# The task
Would you print every entry below exactly as written, omitting the images?

(Items from a dataset)
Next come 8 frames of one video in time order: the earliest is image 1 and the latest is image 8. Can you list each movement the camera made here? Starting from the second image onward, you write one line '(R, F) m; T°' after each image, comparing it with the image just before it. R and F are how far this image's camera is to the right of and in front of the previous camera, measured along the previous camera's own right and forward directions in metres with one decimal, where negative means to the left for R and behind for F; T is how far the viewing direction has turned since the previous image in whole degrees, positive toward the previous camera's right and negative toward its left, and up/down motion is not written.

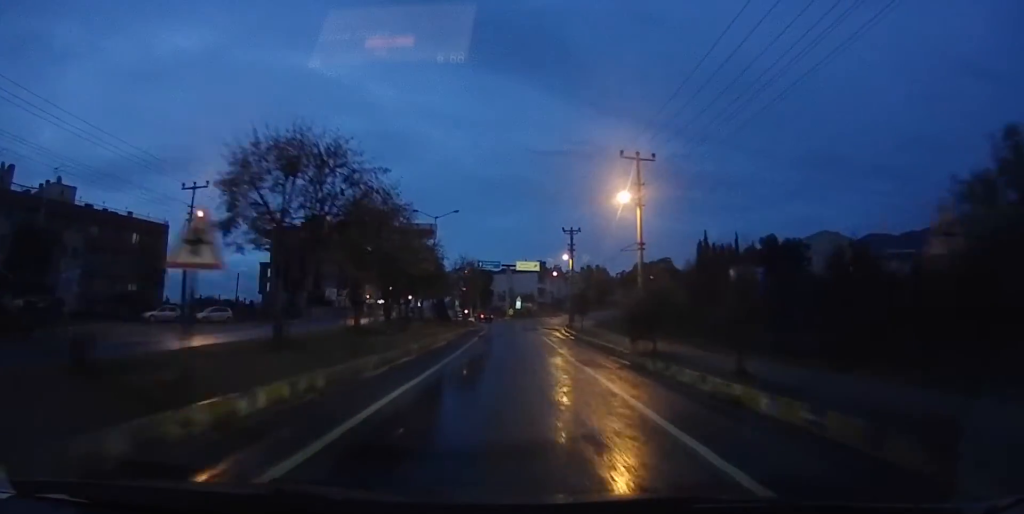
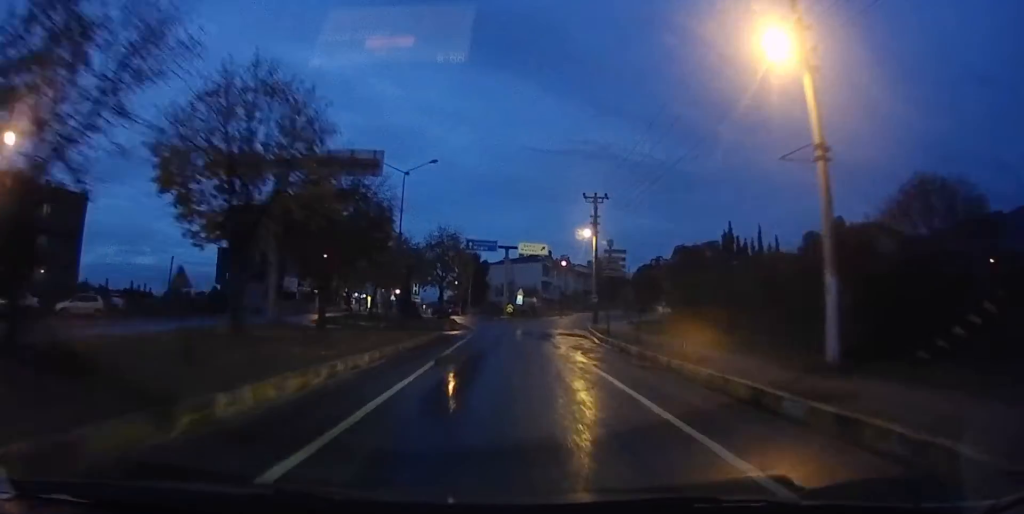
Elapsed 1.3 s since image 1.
(-0.1, +18.0) m; -1°
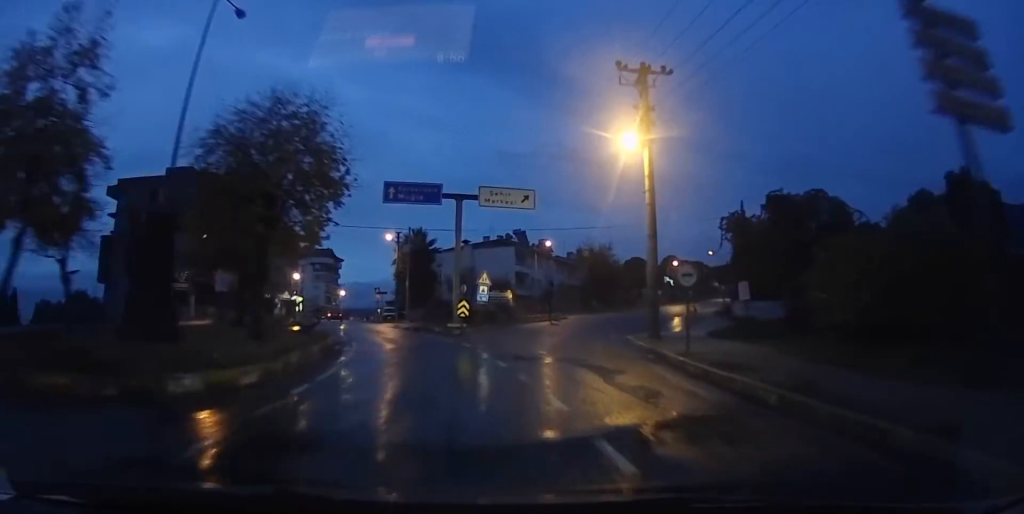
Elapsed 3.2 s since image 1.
(+0.3, +25.3) m; +4°
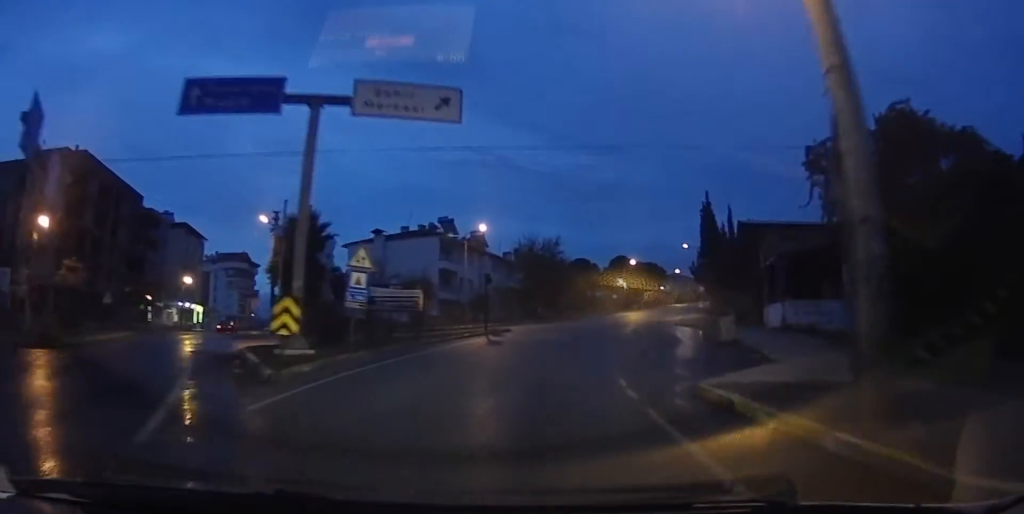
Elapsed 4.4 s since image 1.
(+0.7, +15.0) m; +6°
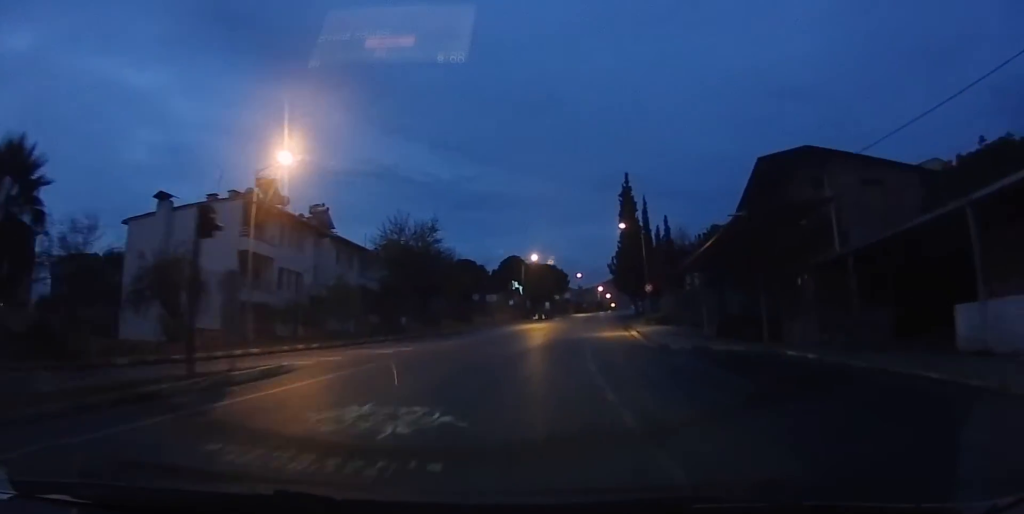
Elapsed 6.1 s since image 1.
(+1.8, +20.2) m; +10°
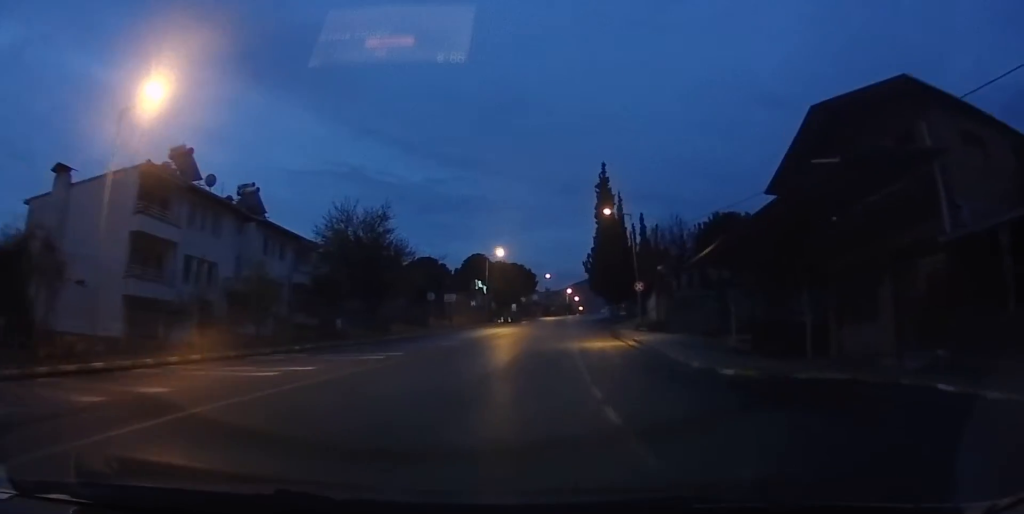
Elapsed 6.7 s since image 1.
(+0.2, +7.7) m; +4°
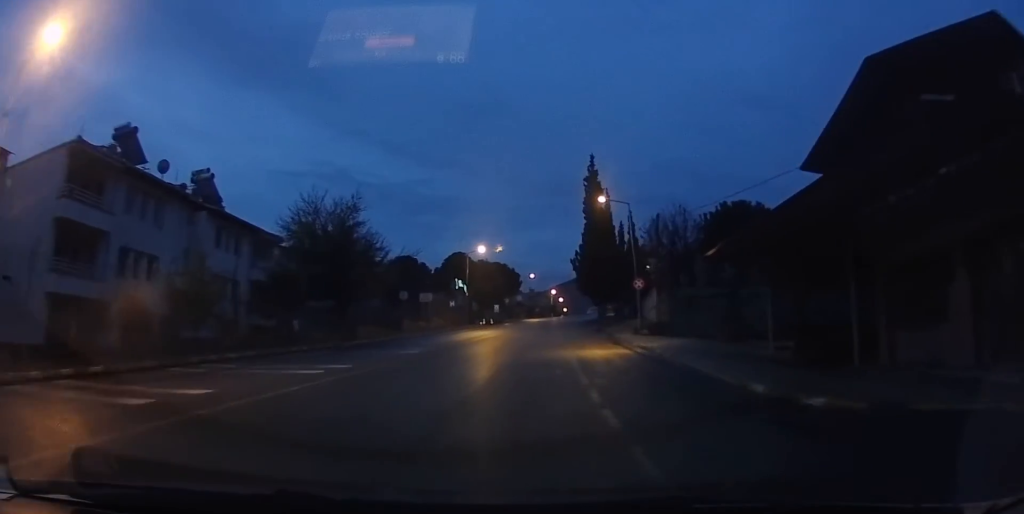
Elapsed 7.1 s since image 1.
(+0.2, +4.2) m; +2°
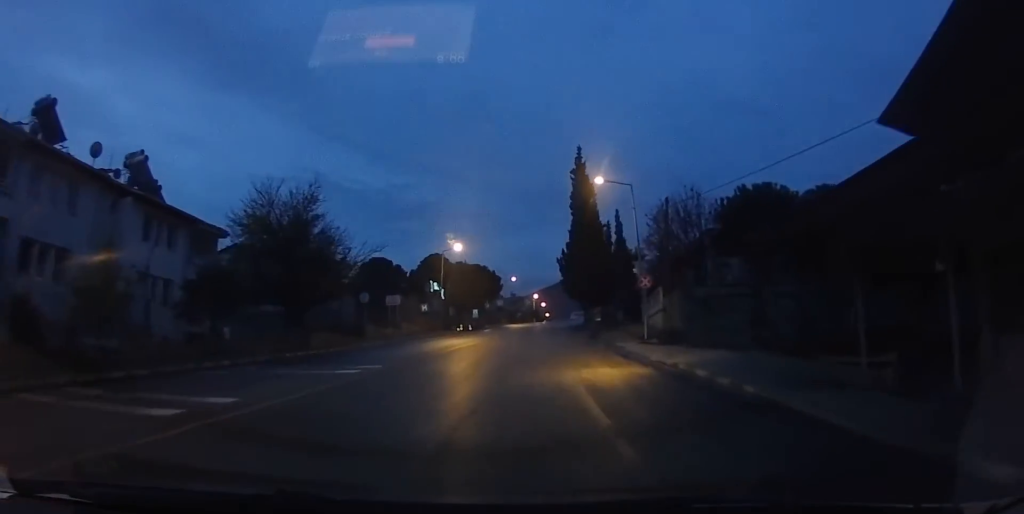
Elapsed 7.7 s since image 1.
(+0.1, +5.5) m; +3°

# Exercise response
Next come 8 frames of one video in time order: the earliest is image 1 and the latest is image 8. Can you list each movement the camera made here? Starting from the second image onward, you write one line '(R, F) m; T°' after each image, comparing it with the image just before it. R and F are how far this image's camera is to the right of and in front of the previous camera, measured along the previous camera's own right and forward directions in metres with one decimal, where negative means to the left for R and behind for F; T is how far the viewing direction has turned since the previous image in whole degrees, positive toward the previous camera's right and negative toward its left, and up/down motion is not written.

Elapsed 1.3 s since image 1.
(-0.1, +18.0) m; -1°
Elapsed 3.2 s since image 1.
(+0.3, +25.3) m; +4°
Elapsed 4.4 s since image 1.
(+0.7, +15.0) m; +6°
Elapsed 6.1 s since image 1.
(+1.8, +20.2) m; +10°
Elapsed 6.7 s since image 1.
(+0.2, +7.7) m; +4°
Elapsed 7.1 s since image 1.
(+0.2, +4.2) m; +2°
Elapsed 7.7 s since image 1.
(+0.1, +5.5) m; +3°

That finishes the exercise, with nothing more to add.